▶ _Given records_

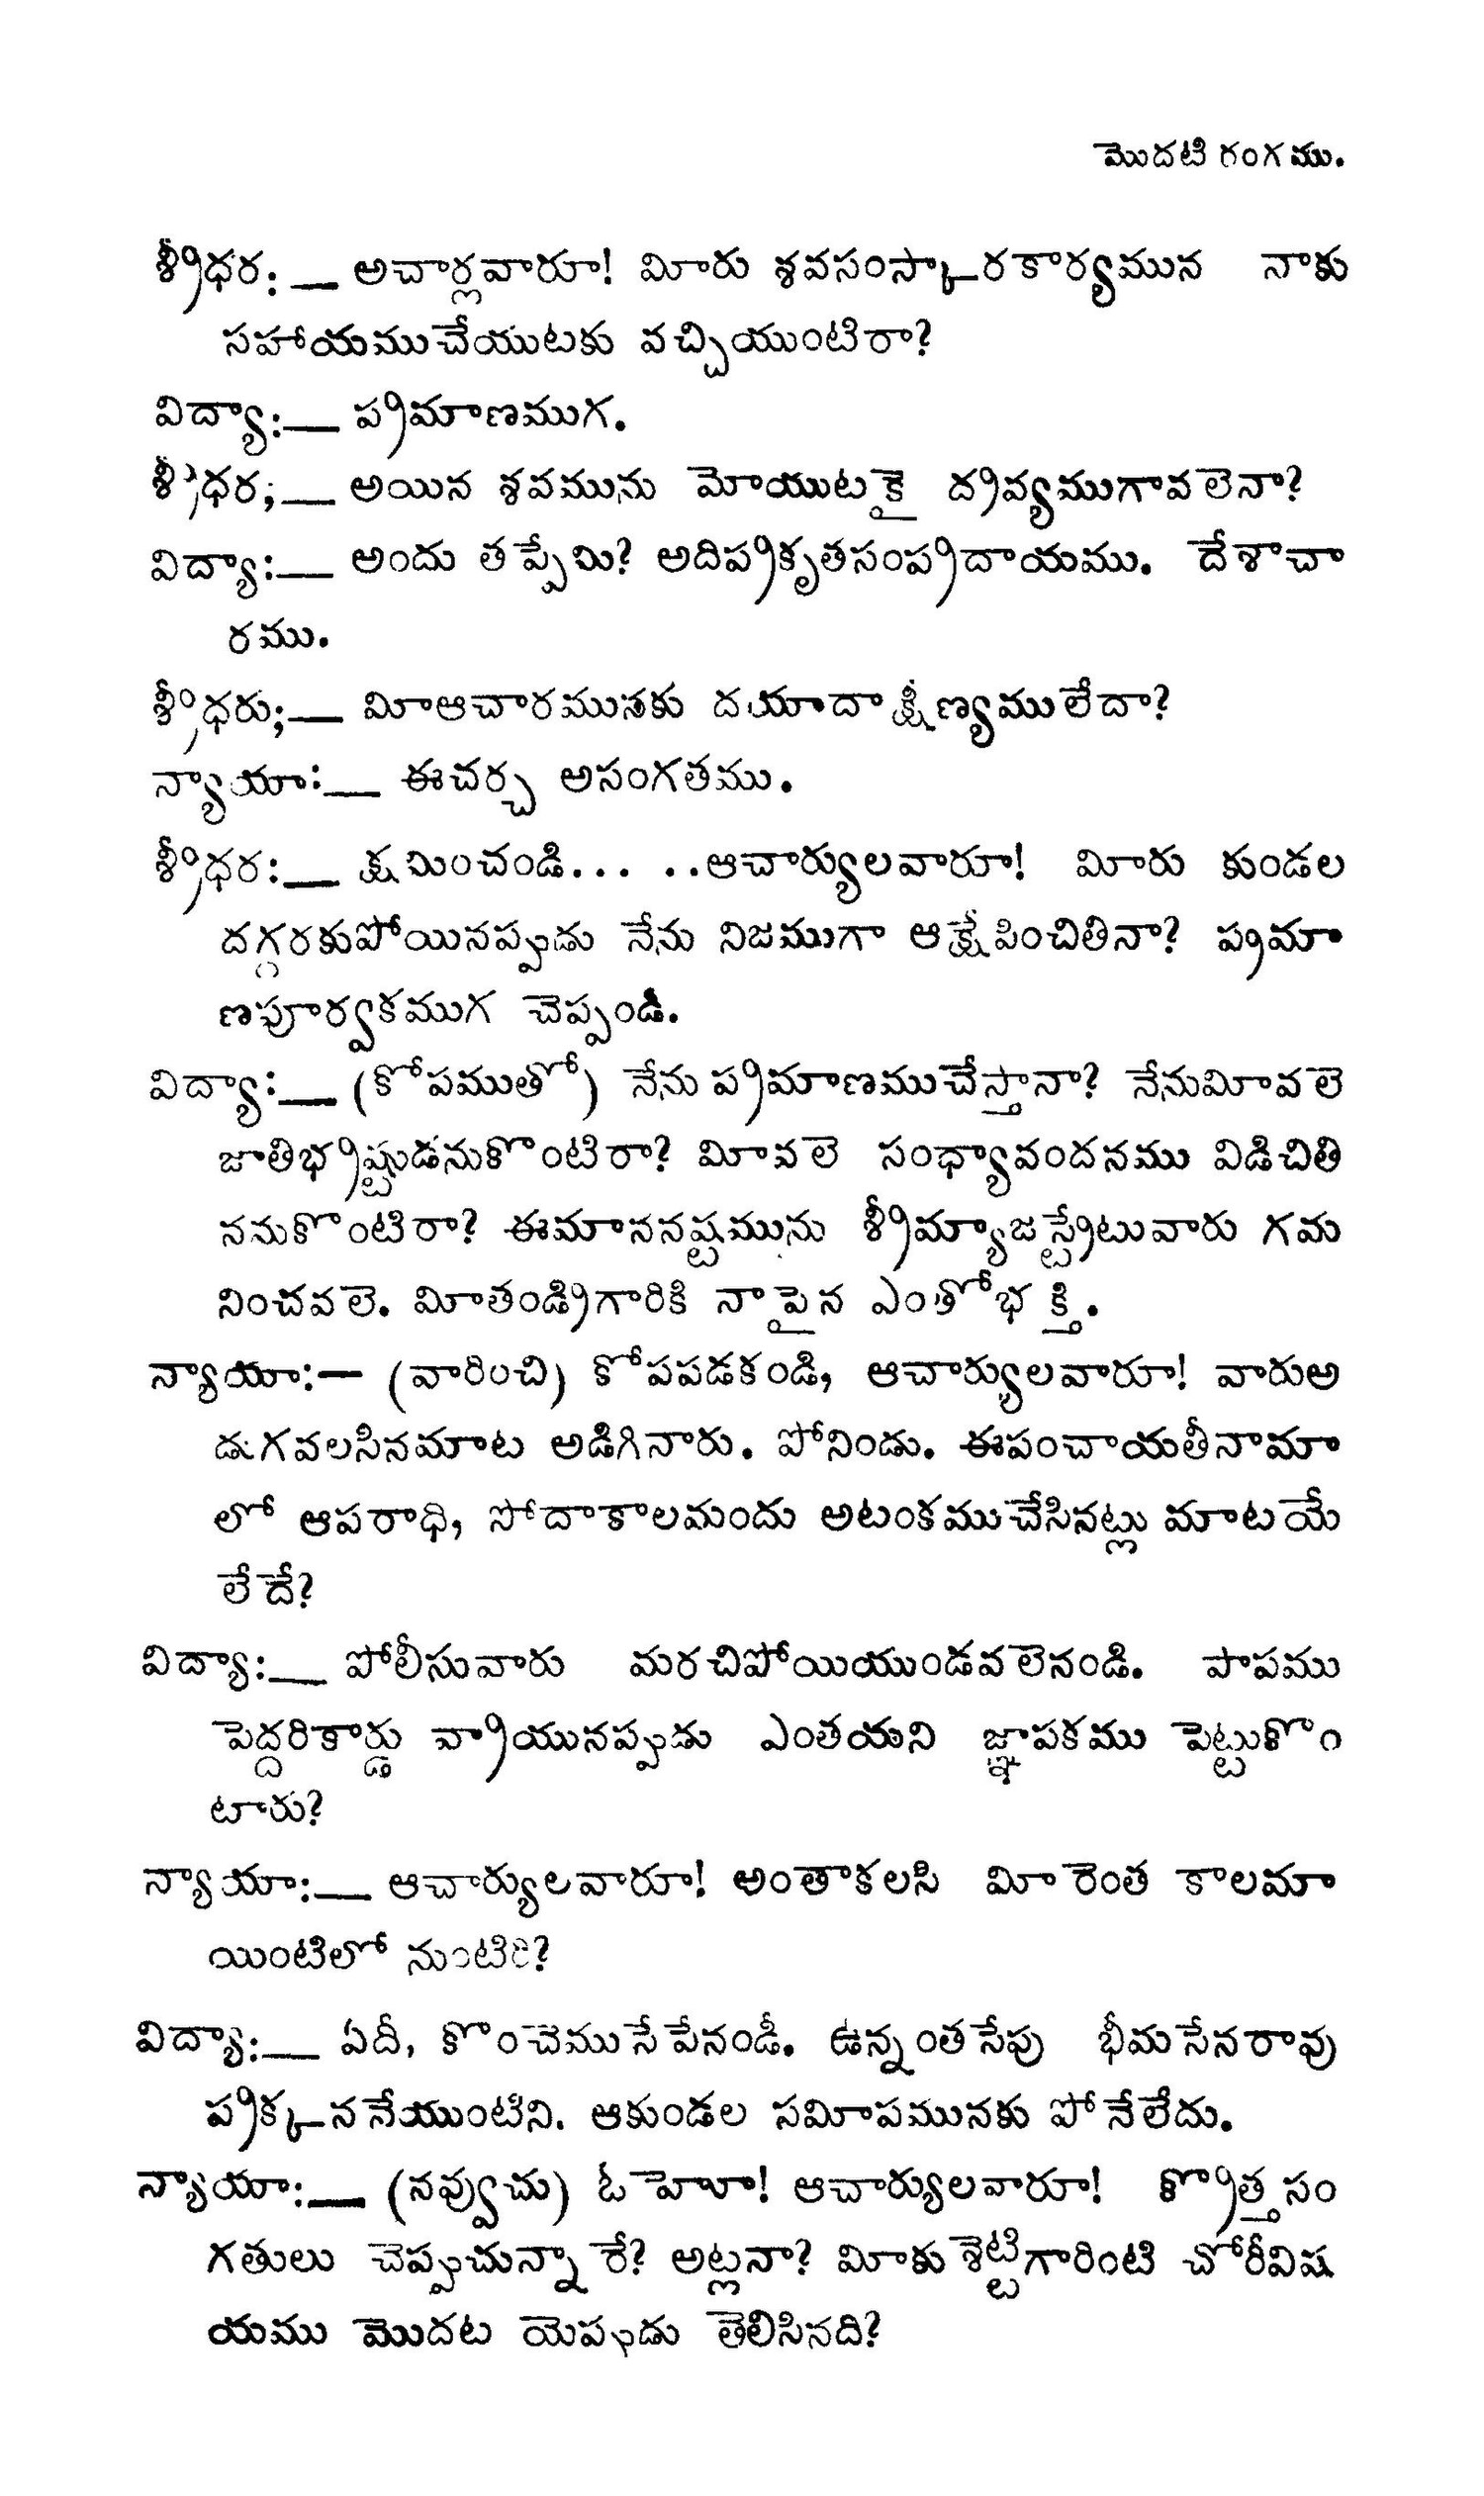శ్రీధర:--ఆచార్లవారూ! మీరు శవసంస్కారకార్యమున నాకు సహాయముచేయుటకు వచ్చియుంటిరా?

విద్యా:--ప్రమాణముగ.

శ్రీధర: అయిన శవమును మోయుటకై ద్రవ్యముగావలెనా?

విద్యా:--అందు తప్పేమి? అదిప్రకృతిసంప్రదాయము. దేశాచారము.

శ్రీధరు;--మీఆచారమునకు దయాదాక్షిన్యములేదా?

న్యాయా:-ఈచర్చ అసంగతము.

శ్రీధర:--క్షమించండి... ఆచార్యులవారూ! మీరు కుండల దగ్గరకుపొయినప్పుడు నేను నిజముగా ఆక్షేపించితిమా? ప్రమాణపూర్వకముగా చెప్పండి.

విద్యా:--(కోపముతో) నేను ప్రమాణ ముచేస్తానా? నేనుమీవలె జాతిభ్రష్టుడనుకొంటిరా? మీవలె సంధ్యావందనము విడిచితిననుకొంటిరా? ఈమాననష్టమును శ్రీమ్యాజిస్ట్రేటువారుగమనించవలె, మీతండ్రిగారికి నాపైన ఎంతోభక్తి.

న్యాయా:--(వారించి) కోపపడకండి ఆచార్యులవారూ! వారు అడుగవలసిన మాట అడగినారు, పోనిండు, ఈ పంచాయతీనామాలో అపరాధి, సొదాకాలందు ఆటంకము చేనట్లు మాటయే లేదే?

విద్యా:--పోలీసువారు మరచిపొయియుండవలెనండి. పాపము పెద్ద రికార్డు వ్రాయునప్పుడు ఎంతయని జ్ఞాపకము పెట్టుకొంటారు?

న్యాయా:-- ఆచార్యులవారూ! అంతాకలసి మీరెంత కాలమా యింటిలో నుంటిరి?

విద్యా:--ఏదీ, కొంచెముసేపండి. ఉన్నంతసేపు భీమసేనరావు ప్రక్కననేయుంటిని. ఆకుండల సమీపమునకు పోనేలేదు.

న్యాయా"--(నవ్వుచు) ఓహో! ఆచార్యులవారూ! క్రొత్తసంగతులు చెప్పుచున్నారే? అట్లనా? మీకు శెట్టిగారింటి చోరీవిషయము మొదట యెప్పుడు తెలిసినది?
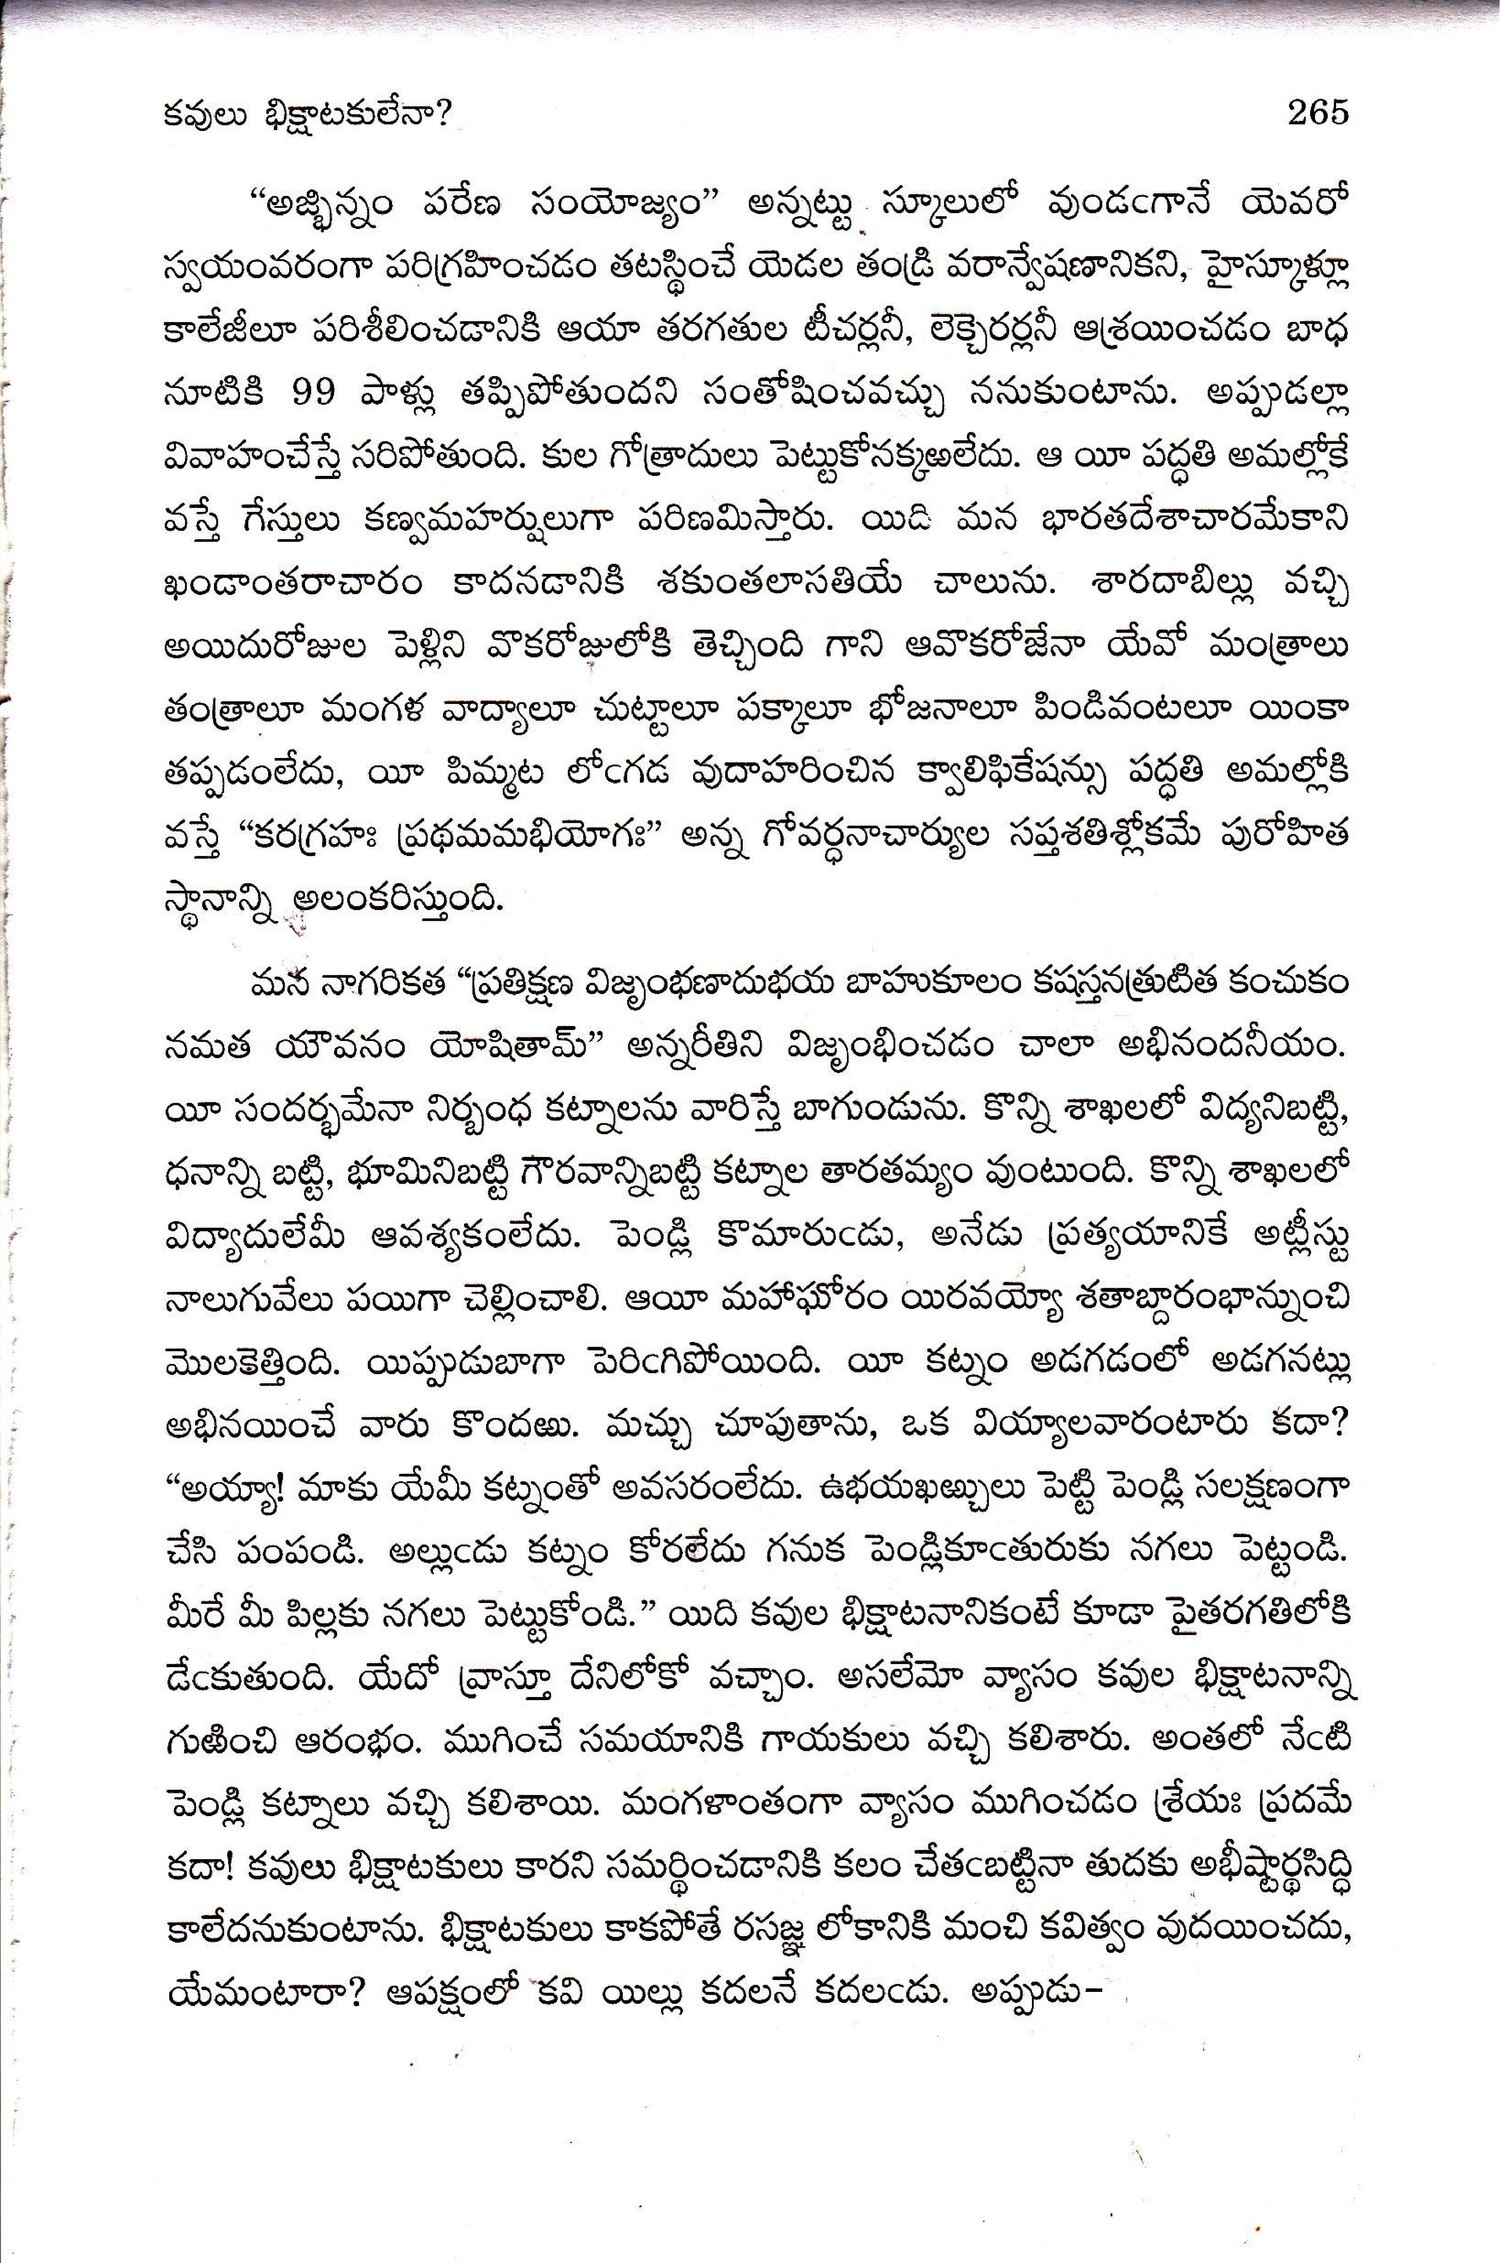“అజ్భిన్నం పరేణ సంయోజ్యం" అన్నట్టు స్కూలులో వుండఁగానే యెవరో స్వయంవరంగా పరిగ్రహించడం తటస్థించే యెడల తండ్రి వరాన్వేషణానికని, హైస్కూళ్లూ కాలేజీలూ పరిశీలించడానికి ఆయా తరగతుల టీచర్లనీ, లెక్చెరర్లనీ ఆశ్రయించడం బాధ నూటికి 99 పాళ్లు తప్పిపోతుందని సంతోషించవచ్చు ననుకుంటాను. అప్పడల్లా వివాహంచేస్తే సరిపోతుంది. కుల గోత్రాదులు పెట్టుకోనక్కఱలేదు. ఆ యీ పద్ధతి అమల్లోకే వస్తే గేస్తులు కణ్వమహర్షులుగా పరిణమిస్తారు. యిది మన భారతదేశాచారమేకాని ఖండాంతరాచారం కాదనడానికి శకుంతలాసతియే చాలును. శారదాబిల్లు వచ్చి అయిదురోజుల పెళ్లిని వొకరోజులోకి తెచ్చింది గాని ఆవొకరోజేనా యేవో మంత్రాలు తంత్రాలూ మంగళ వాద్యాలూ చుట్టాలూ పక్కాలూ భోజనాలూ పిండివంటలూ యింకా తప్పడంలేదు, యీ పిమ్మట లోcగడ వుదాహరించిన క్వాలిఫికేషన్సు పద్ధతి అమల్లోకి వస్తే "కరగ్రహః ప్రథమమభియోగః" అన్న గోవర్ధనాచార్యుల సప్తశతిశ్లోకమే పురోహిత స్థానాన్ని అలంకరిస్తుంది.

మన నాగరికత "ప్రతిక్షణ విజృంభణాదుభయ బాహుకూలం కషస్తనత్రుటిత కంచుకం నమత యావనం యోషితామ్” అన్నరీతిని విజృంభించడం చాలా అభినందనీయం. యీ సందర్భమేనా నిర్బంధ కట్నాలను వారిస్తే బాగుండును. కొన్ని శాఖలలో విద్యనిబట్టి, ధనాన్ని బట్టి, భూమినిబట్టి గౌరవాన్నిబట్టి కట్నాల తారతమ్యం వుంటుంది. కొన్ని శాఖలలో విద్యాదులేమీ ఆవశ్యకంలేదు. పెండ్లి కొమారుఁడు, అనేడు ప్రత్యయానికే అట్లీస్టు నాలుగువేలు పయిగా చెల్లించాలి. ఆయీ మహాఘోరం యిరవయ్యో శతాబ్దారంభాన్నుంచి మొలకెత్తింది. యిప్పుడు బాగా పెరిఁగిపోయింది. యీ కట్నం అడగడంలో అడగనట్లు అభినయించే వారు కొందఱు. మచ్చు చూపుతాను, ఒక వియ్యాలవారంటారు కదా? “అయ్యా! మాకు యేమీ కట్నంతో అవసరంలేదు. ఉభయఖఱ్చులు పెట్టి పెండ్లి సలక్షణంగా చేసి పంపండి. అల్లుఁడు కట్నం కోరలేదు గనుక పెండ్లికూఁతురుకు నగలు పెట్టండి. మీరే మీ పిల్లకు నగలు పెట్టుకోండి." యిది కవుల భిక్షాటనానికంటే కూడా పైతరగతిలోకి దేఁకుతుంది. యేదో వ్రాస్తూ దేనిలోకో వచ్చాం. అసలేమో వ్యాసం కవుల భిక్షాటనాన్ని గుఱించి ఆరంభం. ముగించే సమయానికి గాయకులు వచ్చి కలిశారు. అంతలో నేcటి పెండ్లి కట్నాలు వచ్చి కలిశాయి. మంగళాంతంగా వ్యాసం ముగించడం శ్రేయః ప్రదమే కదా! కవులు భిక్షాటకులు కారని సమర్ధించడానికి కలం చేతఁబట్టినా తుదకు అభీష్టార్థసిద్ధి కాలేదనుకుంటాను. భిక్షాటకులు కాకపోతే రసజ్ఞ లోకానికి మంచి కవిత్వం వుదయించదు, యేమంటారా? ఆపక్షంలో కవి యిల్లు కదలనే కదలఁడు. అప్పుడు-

▶ _Exercise_
What do the lines above say from the one containing "శ్రీధర: అయిన శవమును మోయుటకై ద్రవ్యముగావలెనా?" down to the one containing "శ్రీధర:--క్షమించండి... ఆచార్యులవారూ! మీరు"? Return them exactly, both end lines included, and only them.

▶ _Task solution_
శ్రీధర: అయిన శవమును మోయుటకై ద్రవ్యముగావలెనా?

విద్యా:--అందు తప్పేమి? అదిప్రకృతిసంప్రదాయము. దేశాచారము.

శ్రీధరు;--మీఆచారమునకు దయాదాక్షిన్యములేదా?

న్యాయా:-ఈచర్చ అసంగతము.

శ్రీధర:--క్షమించండి... ఆచార్యులవారూ! మీరు కుండల దగ్గరకుపొయినప్పుడు నేను నిజముగా ఆక్షేపించితిమా? ప్రమాణపూర్వకముగా చెప్పండి.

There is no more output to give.